The Ministry of Peace concerns itself with war, the Ministry of Truth with lies, the Ministry of Love with torture and the Ministry of Plenty with starvation. These contradictions are not accidental, nor do they result from ordinary hypocrisy: they are deliberate exercises in doublethink.

One does not establish a dictatorship in order to safeguard a revolution; one makes the revolution in order to establish the dictatorship.

Understand the World of 1944:

What was happening when Orwell was writing “1984”?

Though it was published in 1949, Michiko Kakutani writes in “ Why ‘1984’ Is a 2017 Must-Read ” that “Orwell had been thinking about the novel that would become ‘1984’ as early as 1944, when he wrote a letter about Stalin and Hitler, and ‘the horrors of emotional nationalism and a tendency to disbelieve in the existence of objective truth because all the facts have to fit in with the words and prophecies of some infallible führer.’ ”

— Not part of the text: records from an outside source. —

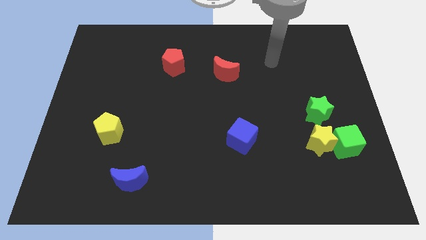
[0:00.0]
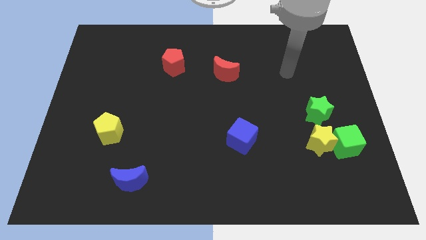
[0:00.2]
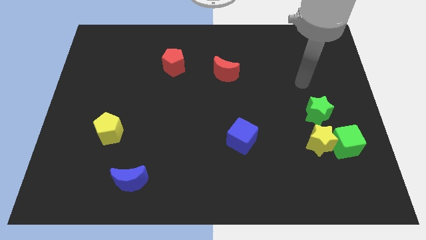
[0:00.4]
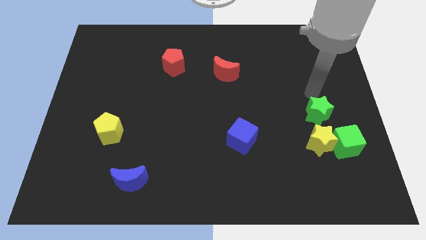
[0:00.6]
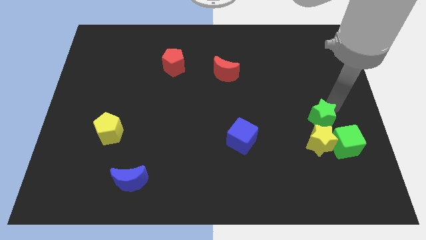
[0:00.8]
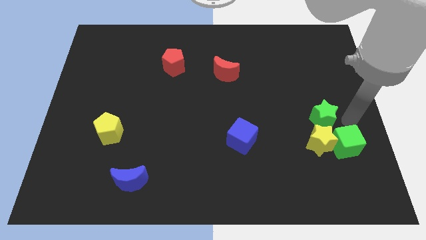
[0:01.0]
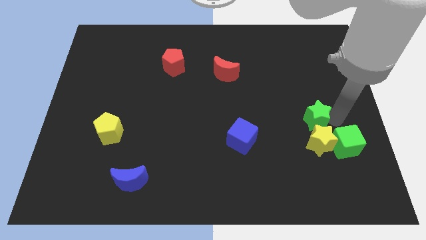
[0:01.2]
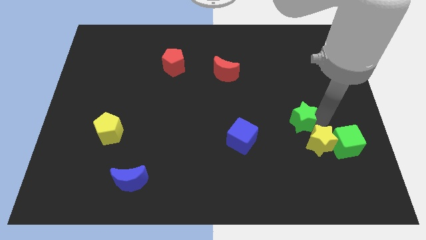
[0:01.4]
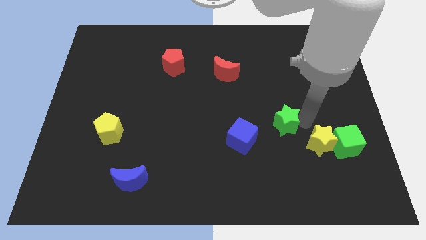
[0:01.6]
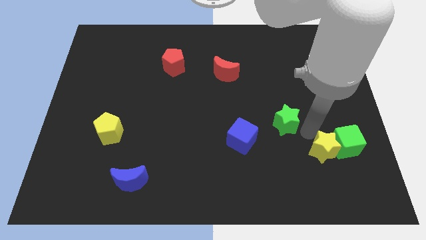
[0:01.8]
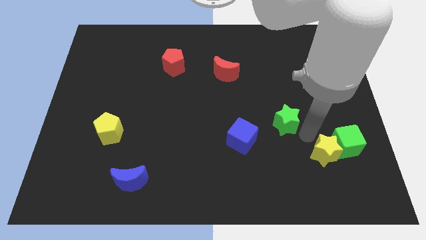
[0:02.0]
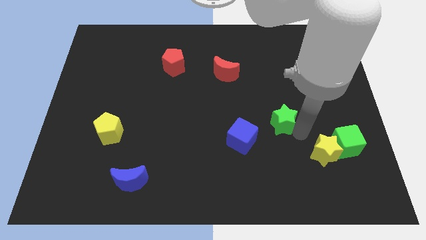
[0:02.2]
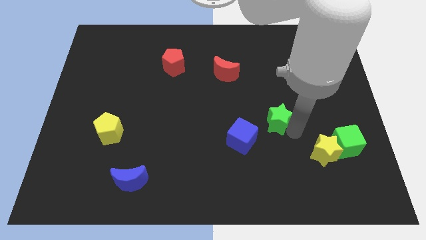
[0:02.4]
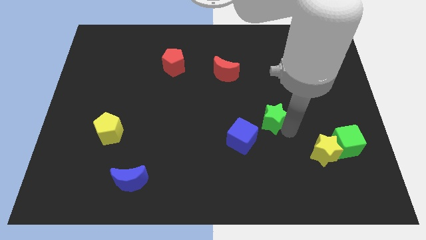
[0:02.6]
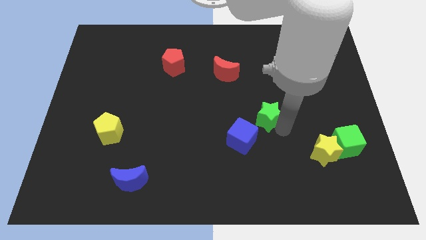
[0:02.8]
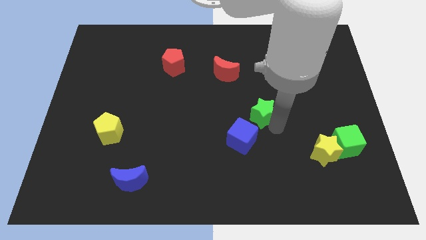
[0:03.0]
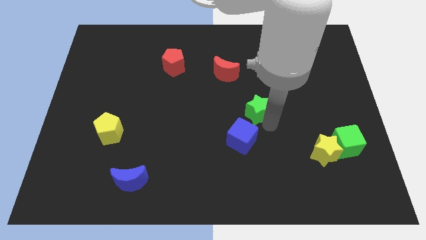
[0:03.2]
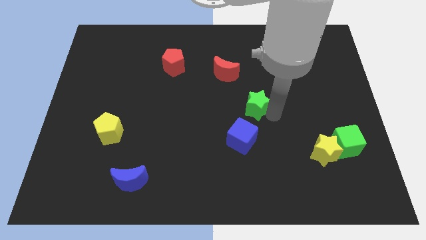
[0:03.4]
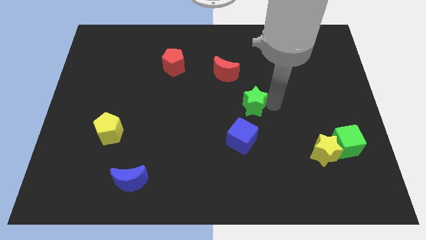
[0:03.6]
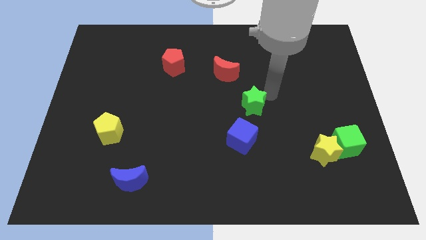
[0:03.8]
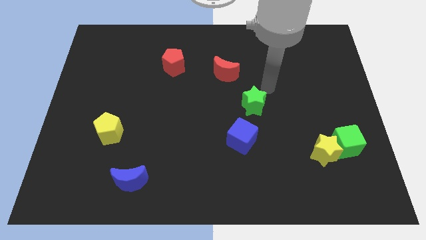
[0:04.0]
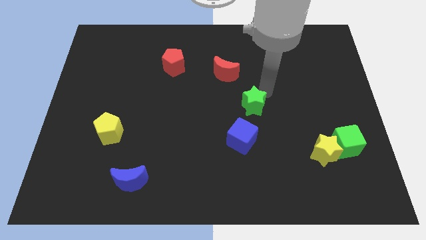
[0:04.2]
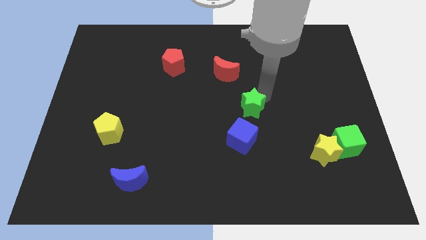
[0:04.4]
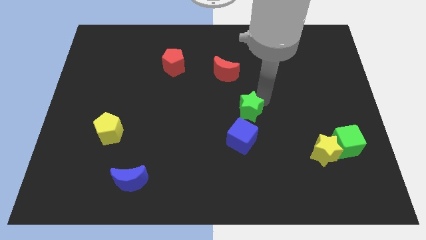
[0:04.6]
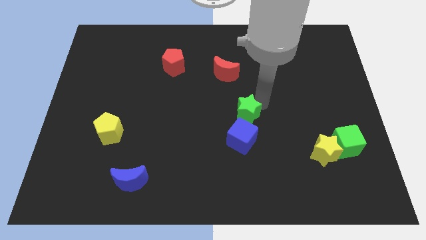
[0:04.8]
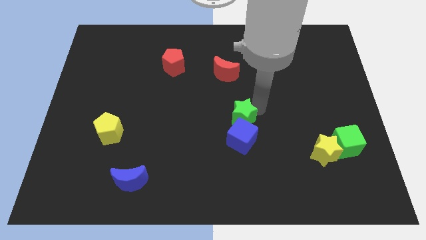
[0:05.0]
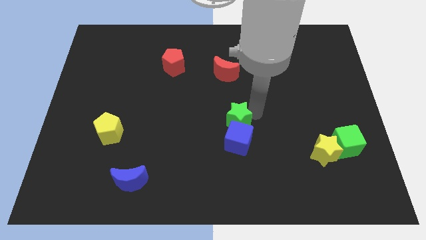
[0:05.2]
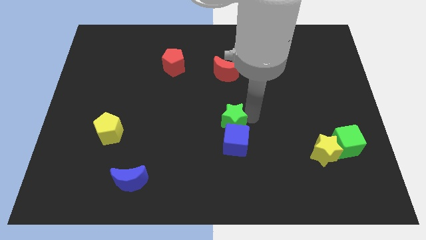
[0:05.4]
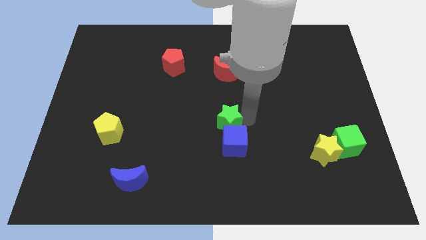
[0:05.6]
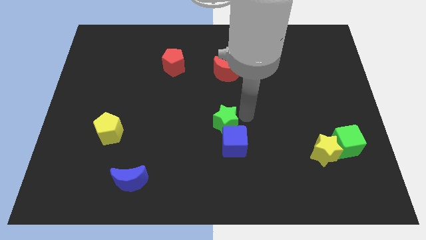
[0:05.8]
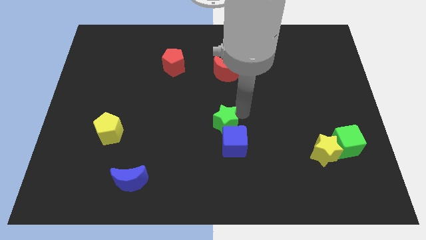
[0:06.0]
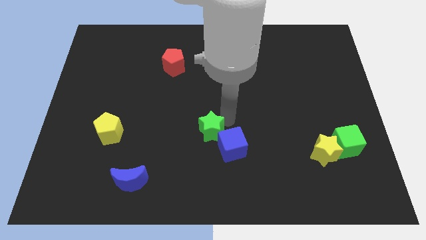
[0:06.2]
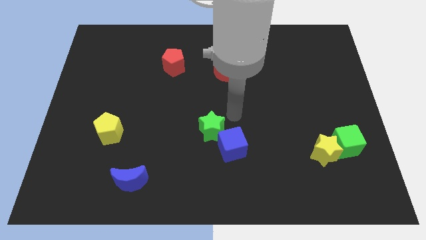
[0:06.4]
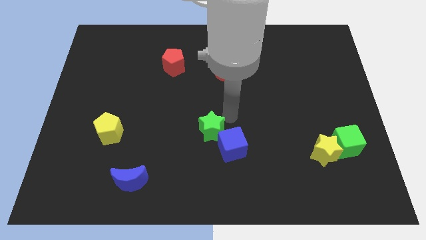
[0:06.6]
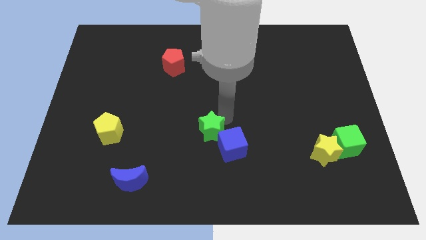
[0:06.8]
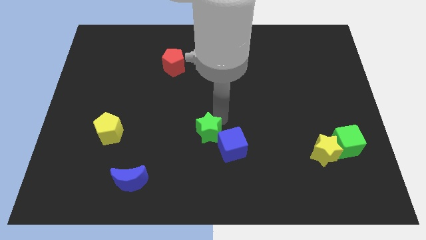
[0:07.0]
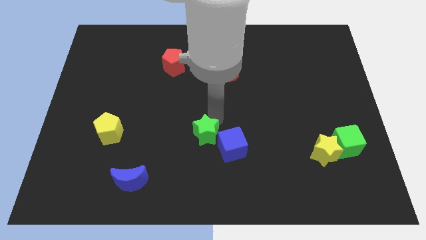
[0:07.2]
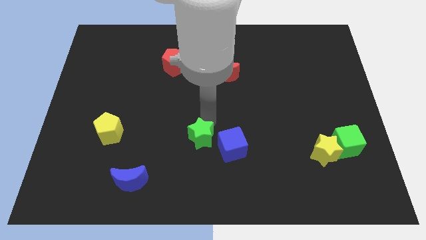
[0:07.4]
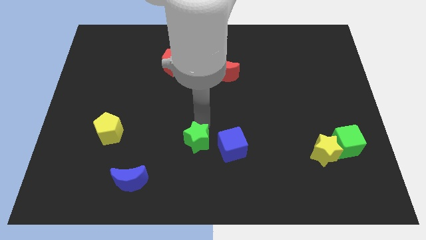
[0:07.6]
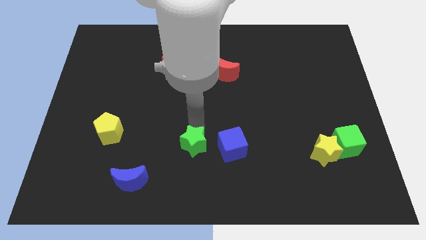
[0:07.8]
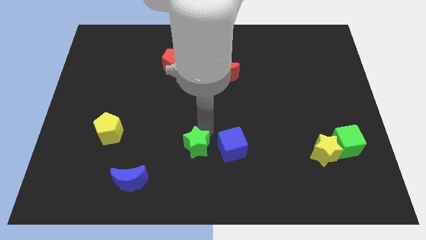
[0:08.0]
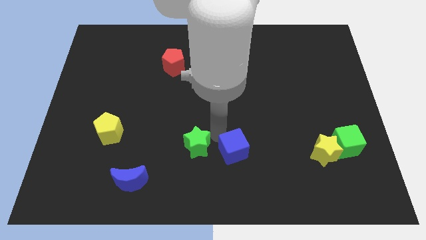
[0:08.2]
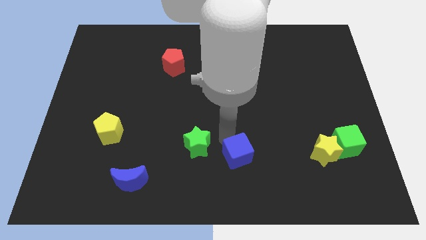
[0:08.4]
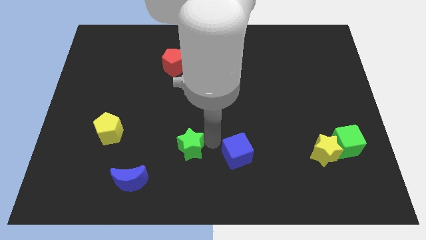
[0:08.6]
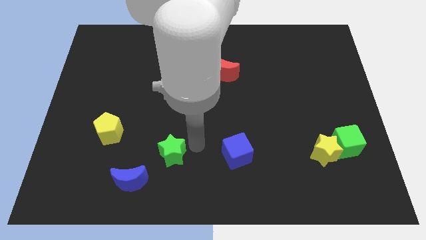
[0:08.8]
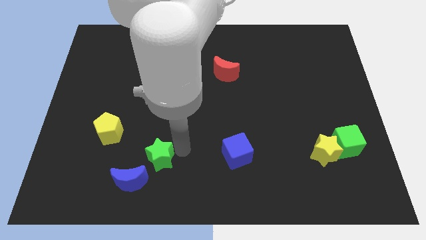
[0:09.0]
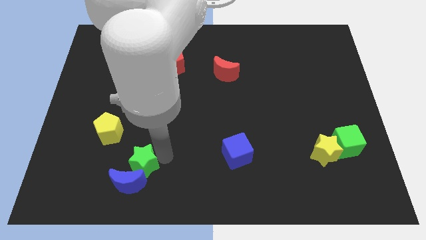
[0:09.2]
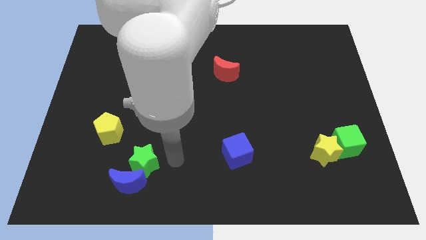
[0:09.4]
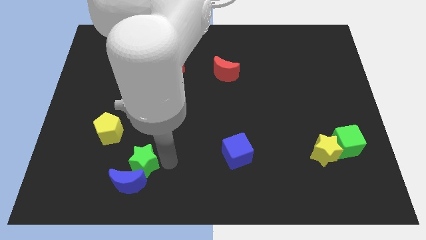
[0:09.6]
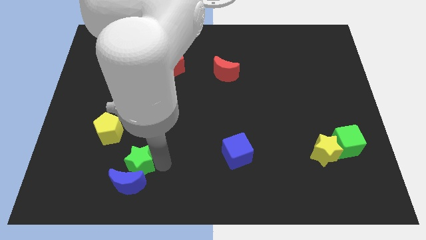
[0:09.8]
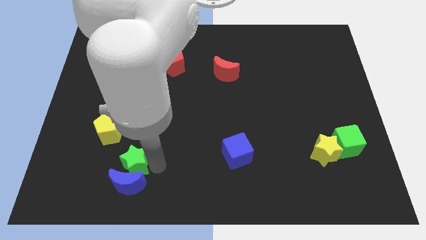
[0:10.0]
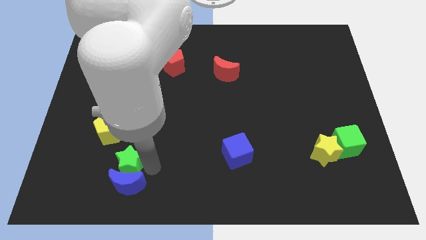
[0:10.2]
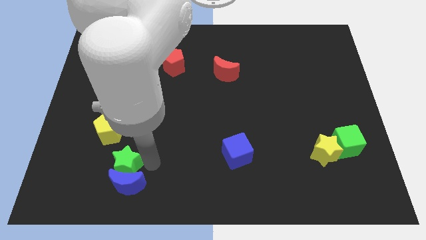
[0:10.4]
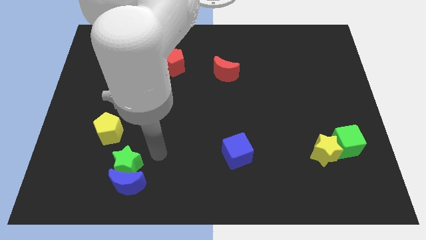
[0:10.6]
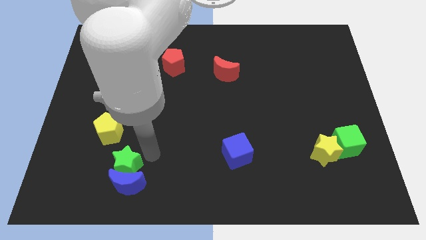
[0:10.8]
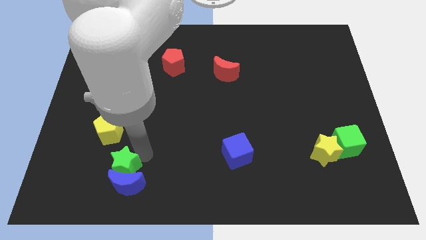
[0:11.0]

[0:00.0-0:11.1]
slide the green star below the yellow pentagon

Invite your students to read Orwell’s letter , then use Times Machine to get a more visceral sense of the time period. The site allows readers to page through any day’s edition of The New York Times, from 1851 to 2002, and see it as it was originally published. For example, the famous event in the headline above comes from the edition of June 7, 1944 . (Remember that events usually become headlines in a print newspaper the day after they happen.)

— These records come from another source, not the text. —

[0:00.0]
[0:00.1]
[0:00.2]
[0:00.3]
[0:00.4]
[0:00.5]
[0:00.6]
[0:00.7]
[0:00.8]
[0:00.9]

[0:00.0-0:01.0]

What would it have been like to be read the daily newspaper as the world was at war? What “sinister symptoms” that “bring totalitarianism nearer,” as Orwell phrased it in his letter, are hinted at in the headlines? And which headlines from the era are especially resonant in light of things happening in 2017?

Create Something New to Show the Novel’s Relevance Today

In our 2010 lesson, “Big Brother vs. Little Brother: Updating ‘ 1984,’ ” students first compare “1984 vs. Today” , then create a treatment for a modern film, print or stage adaptation that revolves around current technologies.

Use ideas from that lesson plan, such as pairing up to write and record podcasts in which one plays an interviewer and the other George Orwell, who answers questions about the novel and reacts to the modern world.

Or, consider a few more:

• Here are 42 different covers that have been used for the novel over the years. What might a 2017 update look like?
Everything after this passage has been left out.